> _Task to carry out_
Excluding pictures, transcribe precisely the lines from the one containing "Image type: radiology (ultrasound)" to the final line of the listing below, inclusive, and nothing more.
BEGIN Extracted information
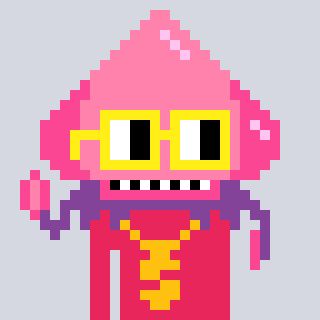
a pixel art character with square yellow glasses, a squid-shaped head and a redpinkish-colored body on a cool background
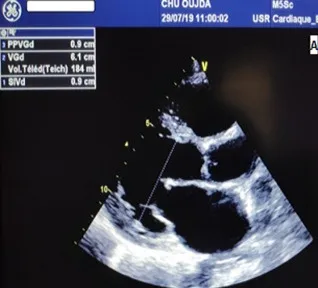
Transthoracic echocardiography (TTE) in long-axis view showing dilated LF with LVEDD of 61 mm.
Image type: radiology (ultrasound)
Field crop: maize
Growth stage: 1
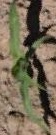
Species: maize
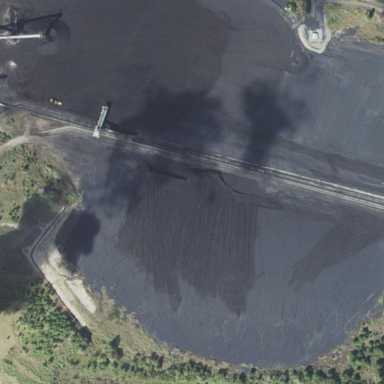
END Extracted information
> _Solution to this exercise_
Image type: radiology (ultrasound)
Field crop: maize
Growth stage: 1
Species: maize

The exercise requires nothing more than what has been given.